Marguerite came to YVSC as an intern in 2022 during the Fall Term. The timing couldn’t have been more perfect as we were embarking on planning our first-ever signature fundraising event, Insight: Art for Climate Action. The fundraiser was in its infancy at that point, but it was clear that Marguerite’s expertise would be essential to bringing in the artist perspective and experience to an event that was built with the intention of uplifting artists and the arts as a means of communicating climate science. Kate Brocato, YVSC Communications and Program Manager, had the pleasure of working closely with Marguerite as her staff mentor across three internship terms. To say that the event wouldn’t have been nearly the success that it was without her is an understatement. If you’ve ever been a part of an event planning process, you know just what an undertaking it is. Marguerite proved instrumental in generating the prompts for our Call for Artists, communicating and coordinating with our artists one on one, creating the community mural that was painted by event attendees, and so much more. I learned so much from her throughout the process, and the event that YVSC has created will continue to have lasting impacts as it generates new conversations surrounding climate change.

Marguerite reflects that climate science gives us a very physical understanding of how we are affecting our environments, but it is also very emotional to live during a time where the earth’s systems that allow us to thrive are breaking down because of our actions. Art can help us process emotions around this crisis, and therefore can help to build community and connection around our shared issues. Marguerite’s goal in using art as a form of climate communication is to inspire each of us to find the role we play in being a positive force in our ecosystems.

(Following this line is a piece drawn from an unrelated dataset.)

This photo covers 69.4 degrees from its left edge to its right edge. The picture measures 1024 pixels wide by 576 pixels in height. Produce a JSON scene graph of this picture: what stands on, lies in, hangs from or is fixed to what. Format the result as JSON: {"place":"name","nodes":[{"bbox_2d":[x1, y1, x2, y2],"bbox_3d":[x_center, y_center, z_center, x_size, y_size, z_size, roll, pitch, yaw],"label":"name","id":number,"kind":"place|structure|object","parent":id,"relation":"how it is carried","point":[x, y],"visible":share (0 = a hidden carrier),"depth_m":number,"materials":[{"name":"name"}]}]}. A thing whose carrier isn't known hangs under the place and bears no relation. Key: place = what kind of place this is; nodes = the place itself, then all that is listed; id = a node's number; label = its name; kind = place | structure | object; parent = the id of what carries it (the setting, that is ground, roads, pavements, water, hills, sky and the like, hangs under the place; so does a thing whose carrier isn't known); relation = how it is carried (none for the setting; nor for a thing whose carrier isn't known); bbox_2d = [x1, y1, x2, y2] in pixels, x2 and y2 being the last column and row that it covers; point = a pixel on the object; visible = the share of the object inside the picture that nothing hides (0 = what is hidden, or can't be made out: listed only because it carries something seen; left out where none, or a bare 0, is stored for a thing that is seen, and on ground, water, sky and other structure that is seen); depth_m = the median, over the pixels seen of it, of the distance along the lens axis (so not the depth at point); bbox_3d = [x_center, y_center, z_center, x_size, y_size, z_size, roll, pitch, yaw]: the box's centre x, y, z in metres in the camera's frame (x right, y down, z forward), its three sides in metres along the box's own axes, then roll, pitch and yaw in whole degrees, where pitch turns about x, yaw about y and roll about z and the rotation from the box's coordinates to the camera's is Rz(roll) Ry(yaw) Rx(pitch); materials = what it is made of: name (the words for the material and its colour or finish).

In working so closely with our community of Yampa Valley artists, Marguerite has noticed how each artist’s care and appreciation for our ecosystems and the Yampa Valley is tangible in their work and in their conversations. And beyond this, the artist community seems to understand how important it is for a community to care for the land together and use our ecosystems as a point of connection to each other.

As a Rising Leader of the next generation herself, Marguerite notes how the younger generations have the poignant experience of growing up with climate change and environmental degradation being the reality of their world. They don’t know a world before climate change, and this particular sense of being in the world brings a special awareness and sense of urgency into their action. Marguerite feels very hopeful when she sees youth taking climate action, because they move with such care and a clear understanding of the crisis.

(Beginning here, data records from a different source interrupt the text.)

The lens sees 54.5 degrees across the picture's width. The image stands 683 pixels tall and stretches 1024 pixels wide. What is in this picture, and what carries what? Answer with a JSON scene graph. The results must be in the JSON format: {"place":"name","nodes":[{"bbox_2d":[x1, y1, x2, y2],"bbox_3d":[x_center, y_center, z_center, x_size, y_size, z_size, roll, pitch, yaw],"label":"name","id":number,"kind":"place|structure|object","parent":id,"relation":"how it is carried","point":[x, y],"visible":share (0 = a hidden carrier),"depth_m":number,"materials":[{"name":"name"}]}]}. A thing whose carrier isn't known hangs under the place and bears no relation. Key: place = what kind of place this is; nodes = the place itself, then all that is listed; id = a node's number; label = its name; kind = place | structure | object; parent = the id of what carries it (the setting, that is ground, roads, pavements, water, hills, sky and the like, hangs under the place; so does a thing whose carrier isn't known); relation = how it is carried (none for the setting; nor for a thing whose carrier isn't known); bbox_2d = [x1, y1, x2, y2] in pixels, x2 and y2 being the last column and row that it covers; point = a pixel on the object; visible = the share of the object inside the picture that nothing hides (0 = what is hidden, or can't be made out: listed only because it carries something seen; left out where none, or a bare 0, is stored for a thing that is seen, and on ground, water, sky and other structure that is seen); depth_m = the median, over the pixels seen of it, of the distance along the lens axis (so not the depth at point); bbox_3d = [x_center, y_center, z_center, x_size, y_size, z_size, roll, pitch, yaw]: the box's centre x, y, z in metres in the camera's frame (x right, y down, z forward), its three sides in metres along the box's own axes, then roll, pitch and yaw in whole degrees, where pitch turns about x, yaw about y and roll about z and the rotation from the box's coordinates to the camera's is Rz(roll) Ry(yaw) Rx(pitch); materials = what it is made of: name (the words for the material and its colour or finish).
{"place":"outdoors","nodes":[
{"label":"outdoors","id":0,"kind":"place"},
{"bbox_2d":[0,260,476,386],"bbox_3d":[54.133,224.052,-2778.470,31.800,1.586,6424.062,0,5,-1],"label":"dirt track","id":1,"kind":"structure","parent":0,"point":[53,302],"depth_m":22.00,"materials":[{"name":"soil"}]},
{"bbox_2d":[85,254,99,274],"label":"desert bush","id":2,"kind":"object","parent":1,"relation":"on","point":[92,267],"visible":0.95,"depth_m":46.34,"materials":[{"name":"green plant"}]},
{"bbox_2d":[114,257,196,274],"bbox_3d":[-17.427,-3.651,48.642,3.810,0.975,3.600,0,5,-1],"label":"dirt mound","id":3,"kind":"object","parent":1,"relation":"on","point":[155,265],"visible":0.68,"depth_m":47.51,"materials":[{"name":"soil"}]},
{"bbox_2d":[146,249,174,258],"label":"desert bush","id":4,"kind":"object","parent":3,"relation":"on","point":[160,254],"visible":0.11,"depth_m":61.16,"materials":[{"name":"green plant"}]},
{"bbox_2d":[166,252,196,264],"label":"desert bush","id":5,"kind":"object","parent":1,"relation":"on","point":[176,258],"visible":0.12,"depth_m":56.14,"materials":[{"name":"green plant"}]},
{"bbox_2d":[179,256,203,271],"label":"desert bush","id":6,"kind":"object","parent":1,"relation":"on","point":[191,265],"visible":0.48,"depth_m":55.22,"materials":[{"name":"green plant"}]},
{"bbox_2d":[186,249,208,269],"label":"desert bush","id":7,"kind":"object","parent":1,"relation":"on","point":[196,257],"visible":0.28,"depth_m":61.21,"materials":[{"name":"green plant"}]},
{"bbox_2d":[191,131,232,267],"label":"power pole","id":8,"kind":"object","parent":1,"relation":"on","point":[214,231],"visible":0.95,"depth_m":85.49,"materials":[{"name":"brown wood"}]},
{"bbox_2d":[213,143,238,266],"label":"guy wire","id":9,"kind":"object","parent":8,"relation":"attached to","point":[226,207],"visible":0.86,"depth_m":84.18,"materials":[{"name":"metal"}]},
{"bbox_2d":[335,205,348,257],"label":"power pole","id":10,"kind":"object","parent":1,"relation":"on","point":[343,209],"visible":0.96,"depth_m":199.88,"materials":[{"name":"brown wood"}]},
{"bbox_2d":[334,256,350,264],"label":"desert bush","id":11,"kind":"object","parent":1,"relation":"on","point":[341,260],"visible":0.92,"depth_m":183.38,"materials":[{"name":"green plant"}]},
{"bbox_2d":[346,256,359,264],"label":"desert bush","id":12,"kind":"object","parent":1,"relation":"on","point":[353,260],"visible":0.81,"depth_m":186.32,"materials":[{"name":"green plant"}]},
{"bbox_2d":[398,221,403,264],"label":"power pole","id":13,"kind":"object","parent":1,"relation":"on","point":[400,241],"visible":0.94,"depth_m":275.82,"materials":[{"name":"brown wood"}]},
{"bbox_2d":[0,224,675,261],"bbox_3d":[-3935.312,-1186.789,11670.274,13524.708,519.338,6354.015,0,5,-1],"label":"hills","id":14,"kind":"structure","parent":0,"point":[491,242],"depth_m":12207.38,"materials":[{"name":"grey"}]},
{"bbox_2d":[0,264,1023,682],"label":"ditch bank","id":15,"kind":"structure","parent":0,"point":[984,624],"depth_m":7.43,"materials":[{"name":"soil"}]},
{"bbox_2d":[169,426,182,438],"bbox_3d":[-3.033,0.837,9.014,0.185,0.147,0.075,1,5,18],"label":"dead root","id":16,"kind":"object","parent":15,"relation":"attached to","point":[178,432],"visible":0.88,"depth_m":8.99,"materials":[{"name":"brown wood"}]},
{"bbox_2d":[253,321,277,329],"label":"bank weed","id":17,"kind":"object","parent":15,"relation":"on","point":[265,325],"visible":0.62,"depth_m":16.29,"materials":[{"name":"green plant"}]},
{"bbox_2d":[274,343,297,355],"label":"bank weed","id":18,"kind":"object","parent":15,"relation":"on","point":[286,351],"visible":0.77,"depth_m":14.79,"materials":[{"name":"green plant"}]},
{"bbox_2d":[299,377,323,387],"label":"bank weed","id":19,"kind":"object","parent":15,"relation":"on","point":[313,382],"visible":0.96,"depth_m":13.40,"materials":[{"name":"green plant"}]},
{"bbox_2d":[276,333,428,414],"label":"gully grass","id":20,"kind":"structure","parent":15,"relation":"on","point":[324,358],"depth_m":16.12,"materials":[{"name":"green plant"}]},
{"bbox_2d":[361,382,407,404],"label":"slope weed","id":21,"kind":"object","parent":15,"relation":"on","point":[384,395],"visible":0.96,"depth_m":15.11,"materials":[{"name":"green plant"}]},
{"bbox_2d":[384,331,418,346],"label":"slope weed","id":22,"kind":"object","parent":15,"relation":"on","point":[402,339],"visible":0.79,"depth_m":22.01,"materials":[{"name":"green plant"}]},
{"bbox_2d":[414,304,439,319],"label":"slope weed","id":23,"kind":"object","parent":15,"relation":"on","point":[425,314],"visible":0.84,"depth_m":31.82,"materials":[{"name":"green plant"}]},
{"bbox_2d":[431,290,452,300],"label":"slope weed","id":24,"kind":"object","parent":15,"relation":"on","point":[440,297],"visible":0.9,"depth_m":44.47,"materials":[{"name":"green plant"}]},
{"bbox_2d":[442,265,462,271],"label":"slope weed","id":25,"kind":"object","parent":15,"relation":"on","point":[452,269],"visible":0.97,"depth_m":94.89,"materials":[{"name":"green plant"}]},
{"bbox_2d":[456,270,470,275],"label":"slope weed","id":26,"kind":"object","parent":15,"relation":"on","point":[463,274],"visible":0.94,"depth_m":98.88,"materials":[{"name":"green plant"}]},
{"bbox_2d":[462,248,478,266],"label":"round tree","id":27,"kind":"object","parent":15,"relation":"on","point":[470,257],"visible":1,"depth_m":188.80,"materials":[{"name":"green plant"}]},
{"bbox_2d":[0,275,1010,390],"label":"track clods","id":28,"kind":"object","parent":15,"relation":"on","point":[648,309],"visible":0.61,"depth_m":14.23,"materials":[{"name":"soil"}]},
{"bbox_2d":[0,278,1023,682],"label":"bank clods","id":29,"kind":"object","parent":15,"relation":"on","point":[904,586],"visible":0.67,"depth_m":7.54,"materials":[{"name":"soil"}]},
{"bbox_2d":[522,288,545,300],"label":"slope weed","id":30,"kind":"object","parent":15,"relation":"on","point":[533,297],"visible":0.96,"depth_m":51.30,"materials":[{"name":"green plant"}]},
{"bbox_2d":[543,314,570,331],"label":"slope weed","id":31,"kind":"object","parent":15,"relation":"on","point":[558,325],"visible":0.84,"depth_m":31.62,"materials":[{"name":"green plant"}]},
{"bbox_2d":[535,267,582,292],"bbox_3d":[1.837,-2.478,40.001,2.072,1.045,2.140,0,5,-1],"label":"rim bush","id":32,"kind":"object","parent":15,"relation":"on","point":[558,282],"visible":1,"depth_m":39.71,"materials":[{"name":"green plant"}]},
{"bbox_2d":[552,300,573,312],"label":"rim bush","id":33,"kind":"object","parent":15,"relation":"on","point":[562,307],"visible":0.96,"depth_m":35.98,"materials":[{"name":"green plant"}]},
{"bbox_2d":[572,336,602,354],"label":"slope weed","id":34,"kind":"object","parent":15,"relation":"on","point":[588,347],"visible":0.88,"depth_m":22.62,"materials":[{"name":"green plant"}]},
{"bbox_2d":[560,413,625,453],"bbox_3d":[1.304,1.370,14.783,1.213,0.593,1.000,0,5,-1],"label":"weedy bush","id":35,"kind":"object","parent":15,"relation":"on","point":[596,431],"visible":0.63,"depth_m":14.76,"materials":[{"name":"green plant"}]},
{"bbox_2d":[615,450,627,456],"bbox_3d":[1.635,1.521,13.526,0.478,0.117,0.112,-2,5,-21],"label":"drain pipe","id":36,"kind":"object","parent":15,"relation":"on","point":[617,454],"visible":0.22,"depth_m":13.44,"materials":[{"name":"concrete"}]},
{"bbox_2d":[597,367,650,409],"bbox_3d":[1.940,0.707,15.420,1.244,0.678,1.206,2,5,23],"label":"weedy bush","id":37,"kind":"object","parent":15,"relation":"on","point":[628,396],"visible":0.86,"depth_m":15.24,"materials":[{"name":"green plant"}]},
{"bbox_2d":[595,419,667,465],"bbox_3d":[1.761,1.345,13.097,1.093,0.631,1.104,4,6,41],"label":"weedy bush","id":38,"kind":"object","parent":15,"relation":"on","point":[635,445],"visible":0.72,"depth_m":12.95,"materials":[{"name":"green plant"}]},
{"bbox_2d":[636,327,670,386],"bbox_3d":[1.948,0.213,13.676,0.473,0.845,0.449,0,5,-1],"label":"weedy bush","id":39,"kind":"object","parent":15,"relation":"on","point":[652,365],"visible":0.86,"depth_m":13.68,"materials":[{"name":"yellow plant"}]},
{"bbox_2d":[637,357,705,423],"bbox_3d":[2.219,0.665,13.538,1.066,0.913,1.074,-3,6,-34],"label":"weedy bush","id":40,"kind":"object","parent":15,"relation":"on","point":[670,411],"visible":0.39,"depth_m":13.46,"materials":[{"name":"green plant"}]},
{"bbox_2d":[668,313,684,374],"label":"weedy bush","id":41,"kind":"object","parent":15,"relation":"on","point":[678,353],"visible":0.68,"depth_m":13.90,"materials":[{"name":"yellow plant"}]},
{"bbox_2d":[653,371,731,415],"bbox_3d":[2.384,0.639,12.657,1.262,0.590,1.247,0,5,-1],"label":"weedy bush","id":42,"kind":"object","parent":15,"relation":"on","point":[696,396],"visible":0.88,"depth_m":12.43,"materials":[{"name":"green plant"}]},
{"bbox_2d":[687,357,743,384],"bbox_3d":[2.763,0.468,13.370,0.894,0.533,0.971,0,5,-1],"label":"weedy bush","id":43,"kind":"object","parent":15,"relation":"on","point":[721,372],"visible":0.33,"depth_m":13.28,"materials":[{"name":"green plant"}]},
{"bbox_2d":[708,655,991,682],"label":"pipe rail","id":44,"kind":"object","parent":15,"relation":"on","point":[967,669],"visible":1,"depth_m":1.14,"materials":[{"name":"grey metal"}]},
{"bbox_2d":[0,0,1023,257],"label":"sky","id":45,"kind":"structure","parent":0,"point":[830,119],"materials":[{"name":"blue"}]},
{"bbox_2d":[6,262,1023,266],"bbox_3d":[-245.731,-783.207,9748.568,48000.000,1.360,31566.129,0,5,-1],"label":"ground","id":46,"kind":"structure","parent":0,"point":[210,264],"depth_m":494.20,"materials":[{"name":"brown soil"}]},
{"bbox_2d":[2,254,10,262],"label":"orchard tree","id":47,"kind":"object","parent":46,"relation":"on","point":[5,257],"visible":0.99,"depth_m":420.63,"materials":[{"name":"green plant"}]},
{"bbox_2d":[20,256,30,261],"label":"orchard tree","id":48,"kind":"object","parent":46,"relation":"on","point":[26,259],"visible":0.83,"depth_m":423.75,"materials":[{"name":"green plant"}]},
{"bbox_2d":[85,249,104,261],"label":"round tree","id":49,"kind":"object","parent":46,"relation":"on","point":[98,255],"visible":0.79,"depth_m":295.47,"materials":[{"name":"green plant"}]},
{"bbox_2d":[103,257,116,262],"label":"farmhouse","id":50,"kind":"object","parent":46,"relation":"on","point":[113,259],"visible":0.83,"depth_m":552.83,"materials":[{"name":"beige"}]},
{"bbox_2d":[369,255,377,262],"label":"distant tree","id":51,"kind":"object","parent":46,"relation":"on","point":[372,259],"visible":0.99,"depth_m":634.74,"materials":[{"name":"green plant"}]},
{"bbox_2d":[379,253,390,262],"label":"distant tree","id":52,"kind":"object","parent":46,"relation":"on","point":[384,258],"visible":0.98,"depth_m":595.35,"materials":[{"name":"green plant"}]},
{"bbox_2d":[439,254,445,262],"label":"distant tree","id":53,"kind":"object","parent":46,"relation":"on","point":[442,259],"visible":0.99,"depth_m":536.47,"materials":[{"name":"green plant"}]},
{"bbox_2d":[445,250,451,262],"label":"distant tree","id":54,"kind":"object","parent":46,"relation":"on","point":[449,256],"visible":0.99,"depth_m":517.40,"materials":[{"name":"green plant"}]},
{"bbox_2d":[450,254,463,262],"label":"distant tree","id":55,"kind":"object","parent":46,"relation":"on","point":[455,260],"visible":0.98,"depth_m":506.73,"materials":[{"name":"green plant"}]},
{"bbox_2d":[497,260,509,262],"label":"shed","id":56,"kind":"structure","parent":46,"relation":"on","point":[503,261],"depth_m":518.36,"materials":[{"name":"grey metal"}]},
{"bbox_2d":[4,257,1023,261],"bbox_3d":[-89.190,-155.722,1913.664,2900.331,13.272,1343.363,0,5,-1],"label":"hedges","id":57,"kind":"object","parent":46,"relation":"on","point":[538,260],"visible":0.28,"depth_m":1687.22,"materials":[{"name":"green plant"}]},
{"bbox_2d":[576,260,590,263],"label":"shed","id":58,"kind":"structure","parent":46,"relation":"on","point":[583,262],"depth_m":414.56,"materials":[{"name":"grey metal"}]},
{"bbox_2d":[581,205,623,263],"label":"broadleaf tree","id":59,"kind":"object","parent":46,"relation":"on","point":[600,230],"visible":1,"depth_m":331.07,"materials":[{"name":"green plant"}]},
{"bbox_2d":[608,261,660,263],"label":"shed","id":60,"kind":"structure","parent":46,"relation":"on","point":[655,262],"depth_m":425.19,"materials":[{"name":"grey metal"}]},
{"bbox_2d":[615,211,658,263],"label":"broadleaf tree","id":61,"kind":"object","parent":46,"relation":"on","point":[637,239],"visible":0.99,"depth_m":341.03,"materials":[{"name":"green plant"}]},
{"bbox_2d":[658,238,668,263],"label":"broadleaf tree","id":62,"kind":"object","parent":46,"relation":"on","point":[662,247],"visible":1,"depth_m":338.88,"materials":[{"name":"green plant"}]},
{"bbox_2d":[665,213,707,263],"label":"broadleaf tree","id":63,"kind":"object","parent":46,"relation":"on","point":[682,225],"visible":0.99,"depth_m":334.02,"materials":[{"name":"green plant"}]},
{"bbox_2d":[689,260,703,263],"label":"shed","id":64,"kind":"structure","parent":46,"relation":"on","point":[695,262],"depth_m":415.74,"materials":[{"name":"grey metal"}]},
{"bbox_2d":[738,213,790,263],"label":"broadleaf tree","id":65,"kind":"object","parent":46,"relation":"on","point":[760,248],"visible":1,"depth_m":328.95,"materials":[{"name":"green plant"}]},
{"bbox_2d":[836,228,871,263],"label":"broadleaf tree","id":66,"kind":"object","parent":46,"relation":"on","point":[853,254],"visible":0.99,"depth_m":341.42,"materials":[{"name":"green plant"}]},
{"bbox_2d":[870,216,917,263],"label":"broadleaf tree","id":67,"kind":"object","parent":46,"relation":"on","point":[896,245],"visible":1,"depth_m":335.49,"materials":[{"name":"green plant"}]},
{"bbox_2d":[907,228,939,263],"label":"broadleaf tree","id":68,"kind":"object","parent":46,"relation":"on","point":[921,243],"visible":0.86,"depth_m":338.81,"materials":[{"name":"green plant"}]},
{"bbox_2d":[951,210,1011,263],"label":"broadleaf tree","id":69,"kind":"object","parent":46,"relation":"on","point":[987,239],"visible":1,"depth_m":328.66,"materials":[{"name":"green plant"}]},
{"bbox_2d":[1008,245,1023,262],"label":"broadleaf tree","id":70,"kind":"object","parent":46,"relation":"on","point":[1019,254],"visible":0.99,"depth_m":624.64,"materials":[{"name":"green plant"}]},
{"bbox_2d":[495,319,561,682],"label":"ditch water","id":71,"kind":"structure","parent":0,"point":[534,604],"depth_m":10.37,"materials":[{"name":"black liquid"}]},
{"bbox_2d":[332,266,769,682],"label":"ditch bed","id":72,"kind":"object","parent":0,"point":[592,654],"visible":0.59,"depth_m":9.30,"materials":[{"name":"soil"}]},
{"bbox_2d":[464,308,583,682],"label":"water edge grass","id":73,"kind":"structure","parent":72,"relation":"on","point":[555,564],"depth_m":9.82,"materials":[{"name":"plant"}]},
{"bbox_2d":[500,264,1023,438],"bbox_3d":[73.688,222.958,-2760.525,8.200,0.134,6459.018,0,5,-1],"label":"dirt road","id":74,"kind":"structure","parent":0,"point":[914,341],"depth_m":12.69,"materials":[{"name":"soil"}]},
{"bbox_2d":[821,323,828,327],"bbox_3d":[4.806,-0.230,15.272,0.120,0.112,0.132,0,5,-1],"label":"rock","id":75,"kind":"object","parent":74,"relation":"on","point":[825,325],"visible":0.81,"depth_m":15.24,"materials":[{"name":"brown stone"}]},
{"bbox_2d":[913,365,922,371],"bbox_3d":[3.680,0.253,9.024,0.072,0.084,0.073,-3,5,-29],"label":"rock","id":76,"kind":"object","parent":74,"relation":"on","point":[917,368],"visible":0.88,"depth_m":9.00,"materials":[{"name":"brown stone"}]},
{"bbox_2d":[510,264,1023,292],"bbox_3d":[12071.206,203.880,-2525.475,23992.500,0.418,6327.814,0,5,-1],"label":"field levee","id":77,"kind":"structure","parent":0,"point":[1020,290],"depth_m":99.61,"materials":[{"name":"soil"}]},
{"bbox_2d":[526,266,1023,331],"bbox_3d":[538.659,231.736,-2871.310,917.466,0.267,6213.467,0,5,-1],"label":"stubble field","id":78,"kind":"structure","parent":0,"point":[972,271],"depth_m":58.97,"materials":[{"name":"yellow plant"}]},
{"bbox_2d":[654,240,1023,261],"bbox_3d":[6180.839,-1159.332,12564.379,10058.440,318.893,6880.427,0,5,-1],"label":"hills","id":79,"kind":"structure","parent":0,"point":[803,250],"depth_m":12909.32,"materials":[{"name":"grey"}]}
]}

Please join us in thanking Marguerite for her contributions to YVSC, the Yampa Valley, and the climate action movement.

Sustainable Government Leadership – Routt County Regional Building Department

This year’s Government Leadership in Sustainability award goes to The Routt County Regional Building Department. The Government Leadership in Sustainability award recognizes those who go above and beyond their position to advance sustainability and integrated solutions to sustainability challenges and provide vision, leadership, and the hard work necessary to advance climate initiatives in the Yampa Valley region.

The Routt County Regional Building Department has earned this award through their work in the development and implementation of building codes for all of Routt County including Rural Routt County, City of Steamboat Springs, Town of Hayden, Town of Oak Creek, Town of Yampa, and the Routt County School Districts. Building codes are an essential platform that has a huge impact on the transition to a rapidly evolving post carbon regional economy, as buildings are responsible for 54% of the carbon emissions in the Yampa Valley. The Routt County Regional Building Department partners with Yampa Valley Sustainability Council on Green Building Program initiatives, energy codes, and sustainability practices related to construction.

Building and energy code advancement is not an easy task. The process requires knowledge, skilled management and community and industry outreach and education. Fortunately, outreach and education are core values of the Building Department and are some of the most important services they provide. They do a magnificent job of keeping the public, building/construction professionals and government officials well informed and educated on code development, adoption, and management.  Their process begins with building community engagement, workshops and education and ends with post-implementation training workshops and other support.

The Routt County Regional Building Department has successfully and professionally managed the building code adoption process over time, and this history of success was instrumental in the department’s ability to incorporate Climate Action Plan supporting language into the 2021 building code adopted by all of the Routt County Governments in 2023. This new code includes local provisions for Solar and EV readiness and outdoor energy use.

It is with great pleasure that we award The Routt County Regional Building Department this year’s Sustainable Government Leadership Award.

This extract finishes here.